The no need to show need policy is contradictory with smart land use planning, yet it continues to be the silver bullet the aggregate industry relies on time and time again when they find themselves in hearings with community members desperate to preserve the character of their towns or the natural environment they cherish.
“It really misses the most important feature—do we need this?” Harmer says. “This is a resource that we use all the time, but what’s the state of it, how much do we have? Do we have to show that there’s need? It’s just a glaring omission and a fundamental thing that needs to be put front and centre, and it’s not.”
Across the province, small communities are fighting long, expensive battles to preserve their natural landscapes.
Oftentimes, if communities are successful in appealing new aggregate applications to the Ontario Land Tribunal (OLT), it will cost them hundreds of thousands of dollars in legal fees and for experts to testify on their behalf. Oftentimes this money comes from the pockets of residents.
Many of these voices spoke up at the launch of the RGMC earlier this year.
“Based on my experience with open pit mines, there is no need, only greed,” said Samantha Lernout with the Citizens for Safe Groundwater, which are currently fighting a proposal for a new gravel pit in Wilmot Township.
“It is entirely company bottom-line motivated,” said Doug Tripp with the Concerned Residents Coalition fighting a proposal in Rockwood from James Dick Construction for a new quarry—despite the former Acton Quarry (less than 9 kilometres away) closing due to a lack of market demand.
The North Shore Environmental Resource Advocates (NESR) are currently fighting a proposal from Darrien Aggregates to dig in an area that has one of the densest concentrations of the Blandings turtle, which is a threatened species in Ontario.
“The process is lopsided, it’s business driven, lacks transparency, and heavily favours the proponent,” said Rhonda Kirby with NESR. “Things need to change.”
David Donnelly, an environmental lawyer, says people often underestimate the true scale of the aggregate industry.
He points out that Ontario uses 8.7 million truckloads of aggregate each year. The average dump truck is 30-feet long. Lined up end to end, Ontario’s 8.7 million truckloads used annually would stretch around the Earth’s circumference more than six times.
Despite the scale of the industry, Premier Doug Ford and his PC government have pushed for less regulations to govern the industry’s operations.
Prior to the Ford government being elected in 2018, a panel of advocates and aggregate industry representatives had been working for several years on potential new regulations to meet the needs of communities, while also respecting the business operations of companies.
The panel collapsed when Ford was elected.

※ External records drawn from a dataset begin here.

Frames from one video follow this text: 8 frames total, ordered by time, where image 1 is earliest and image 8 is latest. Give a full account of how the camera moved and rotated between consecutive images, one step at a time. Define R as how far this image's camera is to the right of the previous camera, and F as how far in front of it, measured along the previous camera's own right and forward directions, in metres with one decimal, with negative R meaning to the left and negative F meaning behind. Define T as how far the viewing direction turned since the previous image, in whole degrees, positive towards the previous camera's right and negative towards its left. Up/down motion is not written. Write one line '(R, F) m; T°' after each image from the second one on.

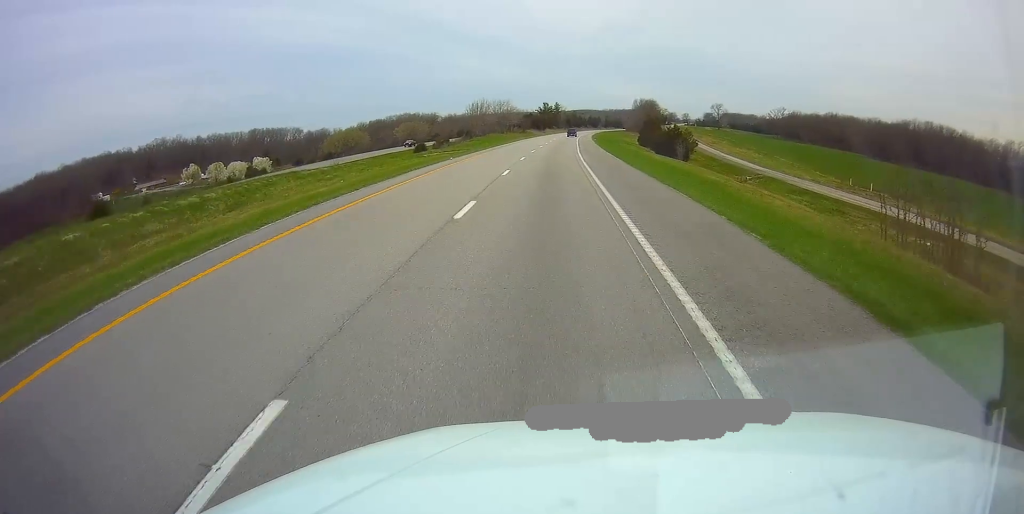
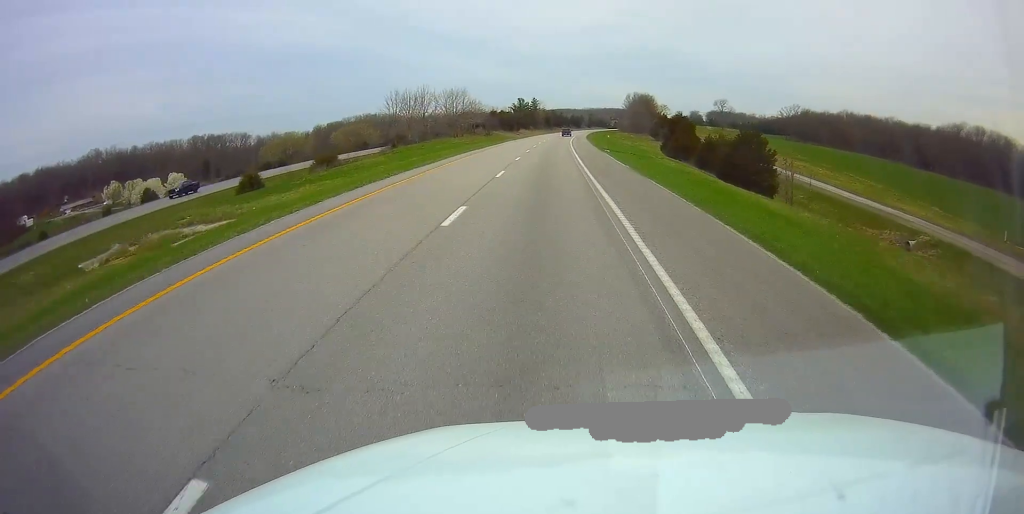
(+0.5, +50.0) m; +1°
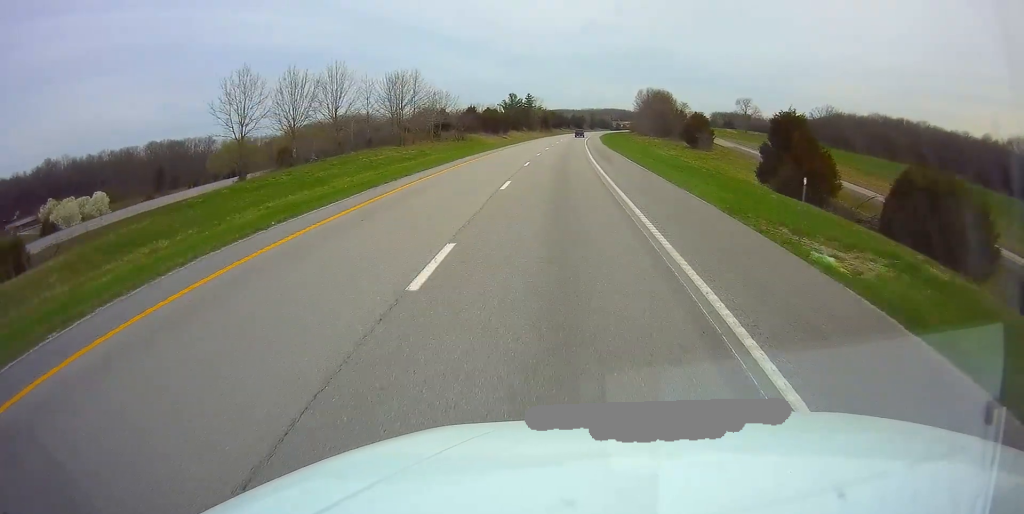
(+0.4, +41.5) m; +1°
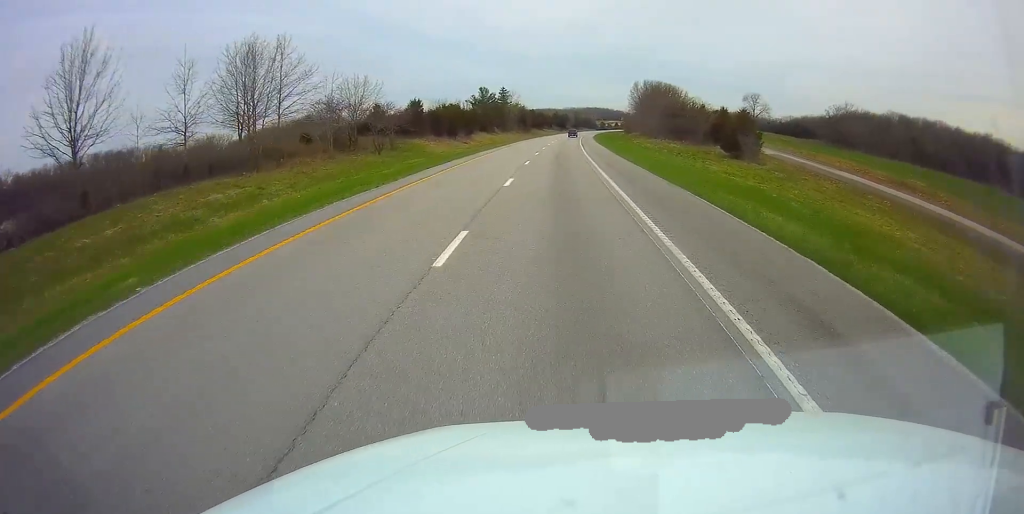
(+0.4, +35.2) m; +1°
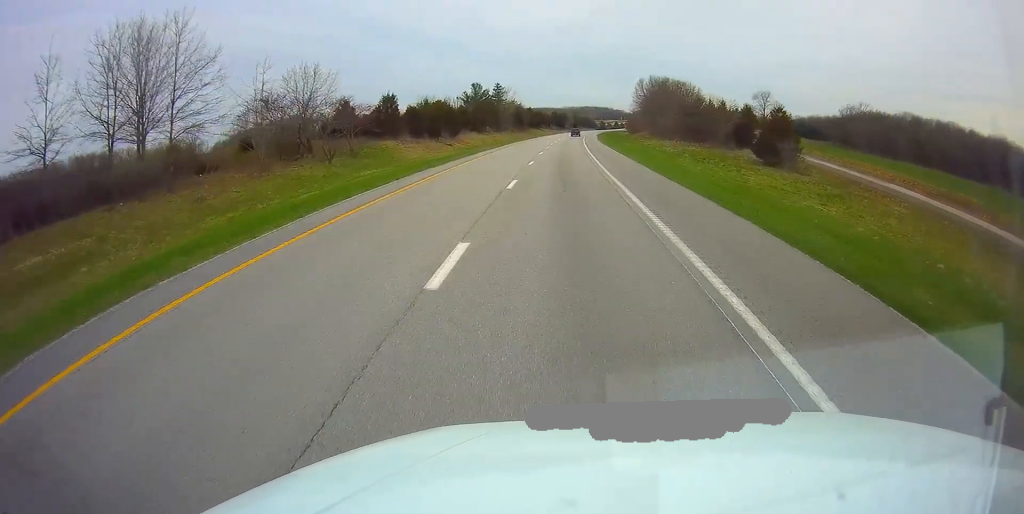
(0.0, +13.4) m; +1°
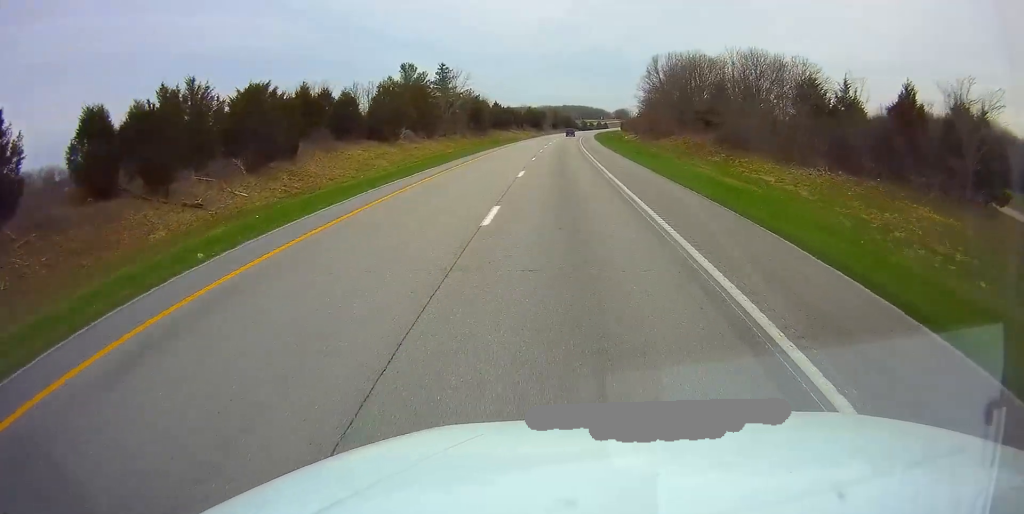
(+1.1, +56.0) m; +2°
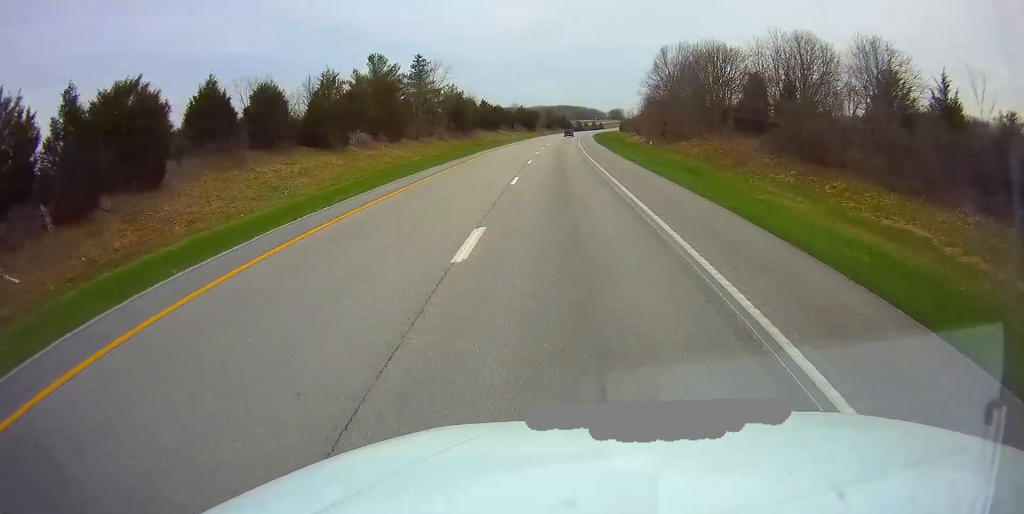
(+0.1, +15.6) m; +1°
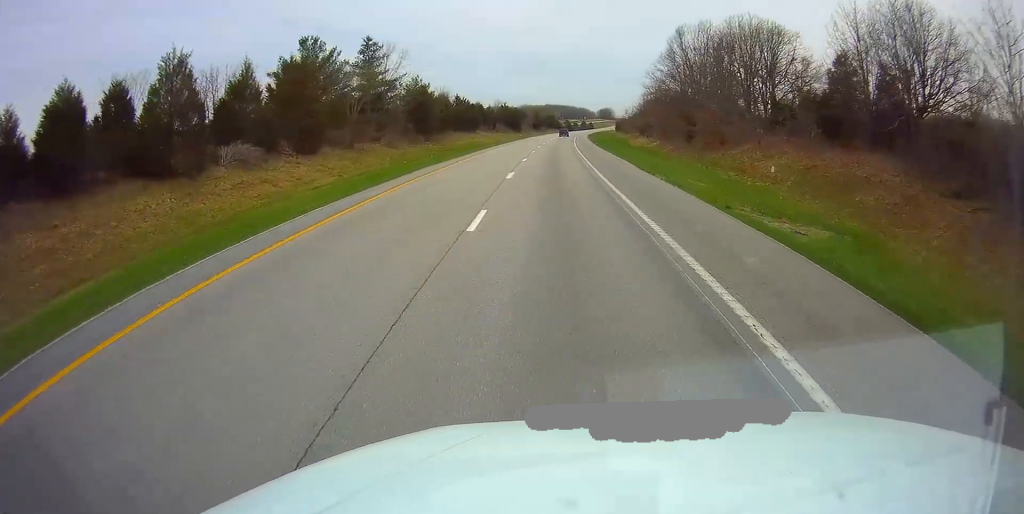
(+0.2, +21.8) m; +1°

“The minute that the new Ford government was elected, all the companies that were participants in that voluntary process which was called the Cornerstones Standards Council, all of them got up from the table and walked away,” says Tim Gray, the executive director of Environmental Defence.
In the months since the Demand a Moratorium Now (DAMN) Campaign’s launch, Flint says many municipalities have taken notice.
“We’ve hit a chord with them,” he says. But it isn’t surprising. “They’ve created this policy framework that throws the problems out for municipalities and communities to deal with and then sits on the sidelines and watches it unfold. It’s disrespectful and an abdication of their responsibilities.”
In a monthly update in February, a number of citizens from across Ontario reached out for help with convincing their own municipalities to support the campaign, including places like Burlington, Niagara Region, Trent Lakes, Port Colborne, Guelph, Tiny, Barrie and Kingston.